При всей своей революционной новизне Грамши верен пролетариату. Он пишет именно о пролетариате, который «осознает», «почувствует» и в целом волевым усилием станет властью и двинет историю вперед.
Цитата: «Тяготы, которые ожидают пролетариев после заключения мира, будут преодолены только в том случае, если они почувствуют, что все находится под их собственным контролем, и будут знать, что своими усилиями они могут уменьшить эти тяготы в возможно более короткий срок».
В заключение Грамши пишет, что большевики — спасители России.
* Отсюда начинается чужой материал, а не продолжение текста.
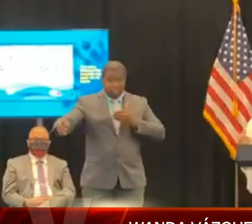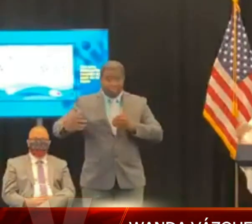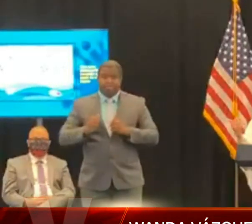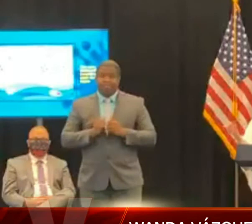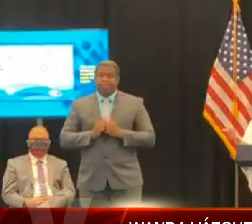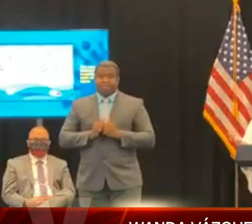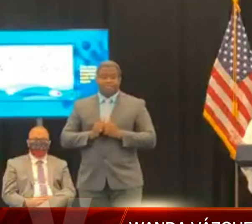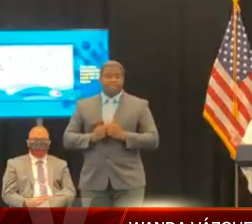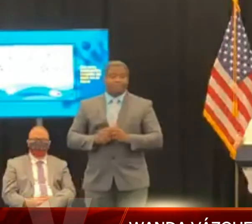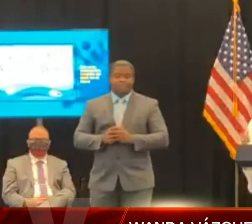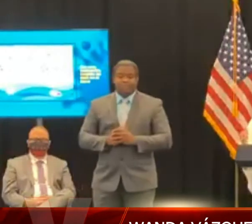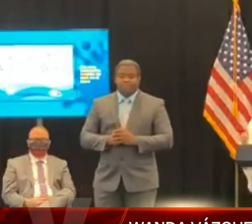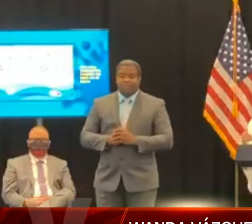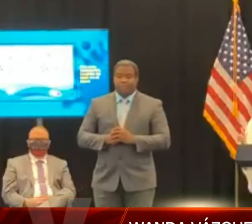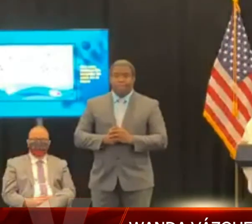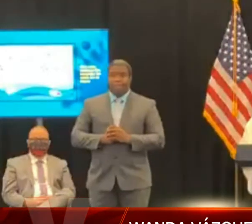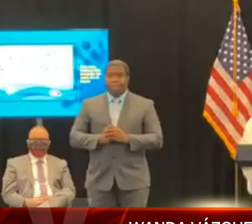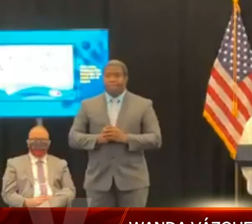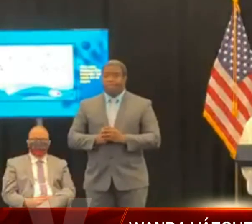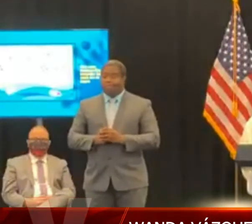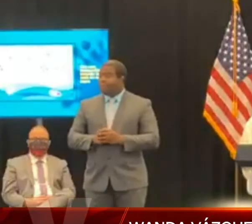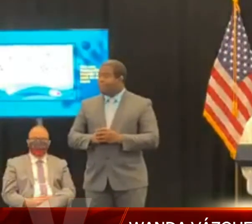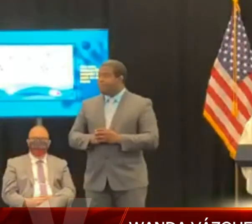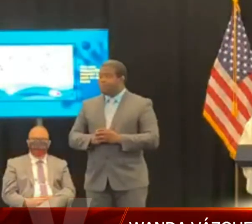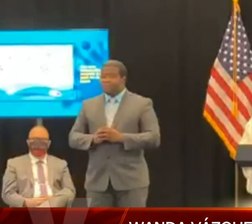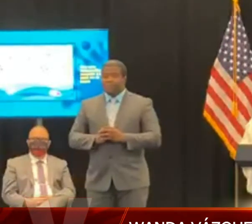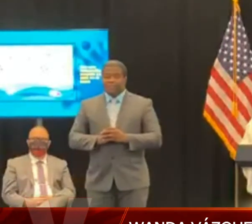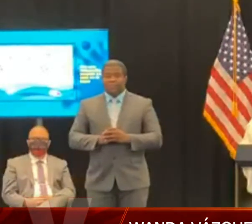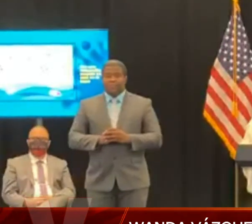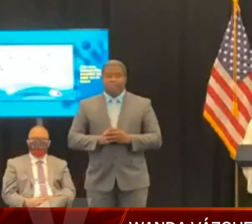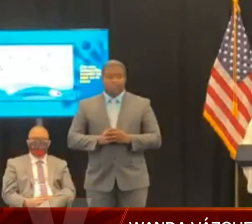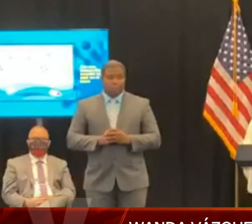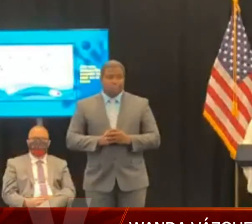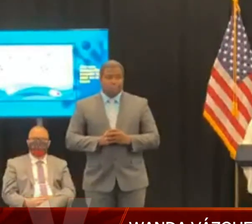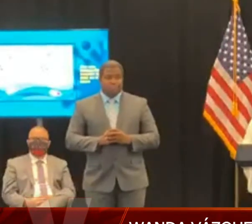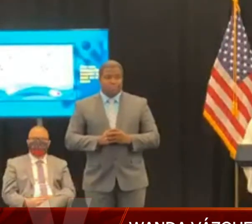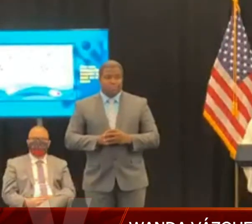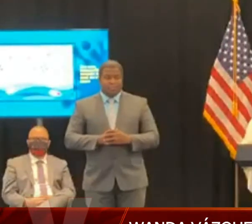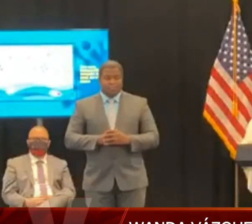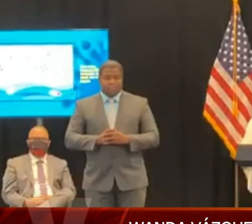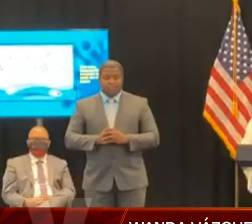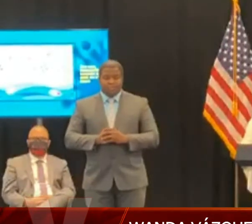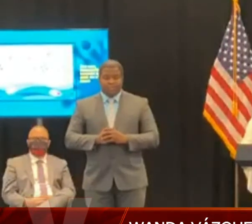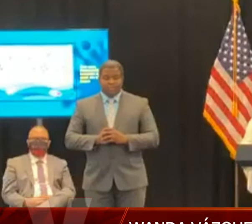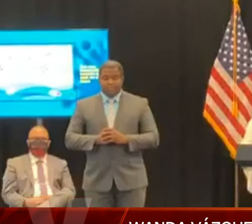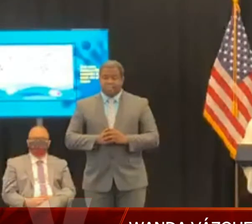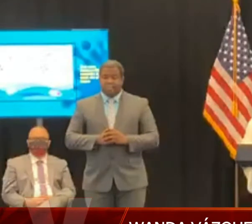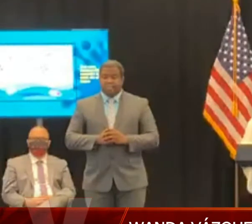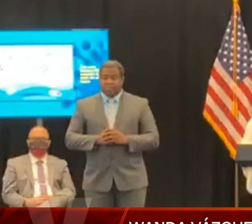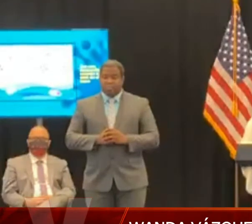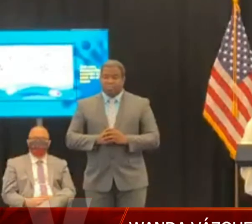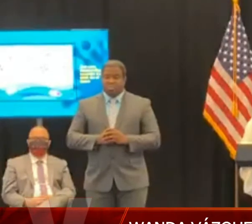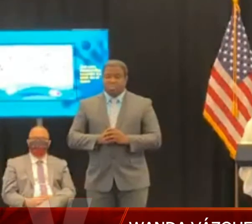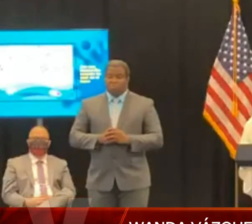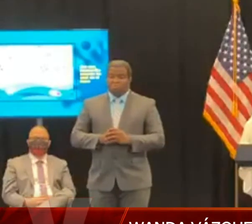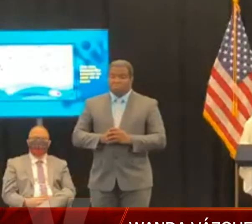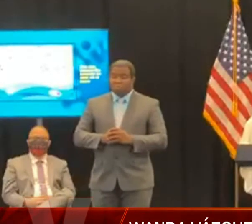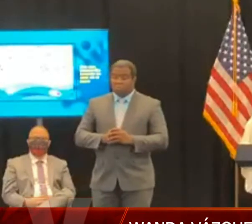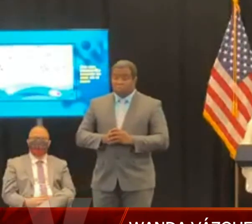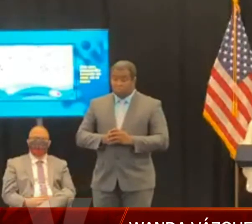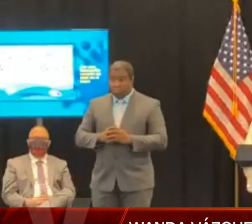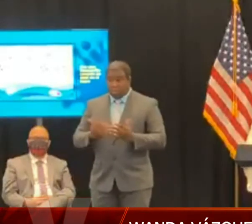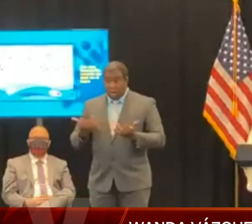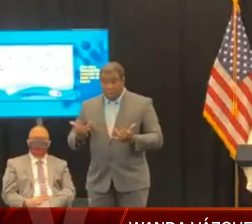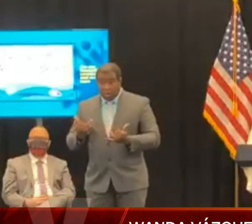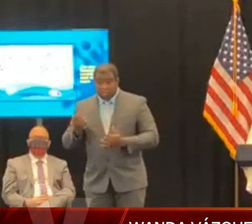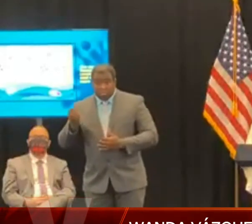personas que sean de alto riesgo, también como aquellas que tengan alguna condición de salud. La gran mayoría están ya en

Цитата: «Складывается впечатление, что в настоящее время максималисты [большевики, прим. АМ] являются стихийным выражением биологической необходимости — они должны были взять власть с тем, чтобы российские люди не стали жертвой ужасного бедствия; чтобы российские люди, включившиеся в колоссальную работу для своего собственного воспроизводства, чувствовали менее остро клыки голодного волка; чтобы Россия не стала огромной бойней беспощадных зверей, рвущих друг друга на части».
Пафос статьи Грамши — большевики сделали революцию не по Марксу и это прекрасно! Россия спасена и история идет вперед!
Текст Грамши построен на очевидном тезисе — Октябрьская революция была совершена не по марксистскому канону. Интерпретировать данный факт можно по-разному, но отрицать его нельзя, если мы хотим оставаться в пространстве живой мысли. В СССР по понятным причинам утверждалось, что Ленин и большевики всё сделали по канону, а те, кто считает иначе, заблуждающиеся идеалисты или просто враги. Грамши был записан в заблуждающиеся идеалисты.
Тем не менее, в СССР фундамент коммунистической мысли основывали не на голом марксизме, а на марксизме-ленинизме. Что означает расширение марксисткой теории путем ее синтеза с ленинской теорией и практикой. Таким образом, Октябрьская революция становится безусловно канонической постольку, поскольку она устанавливает новый канон (пересматривает рамки старого). Если Ленин мог расширить интерпретацию Маркса, значит, это возможно. А если возможно, значит, новые, выходящие за канон интерпретации не могут быть табуированы по умолчанию.
Грамши открыл дверь в новое прочтение коммунизма. Кто знает, как пошла бы история, если бы его «тюремные тетради» (контуры которых проявлены в обсуждаемой нами статье) не были заперты до конца 40-х годов.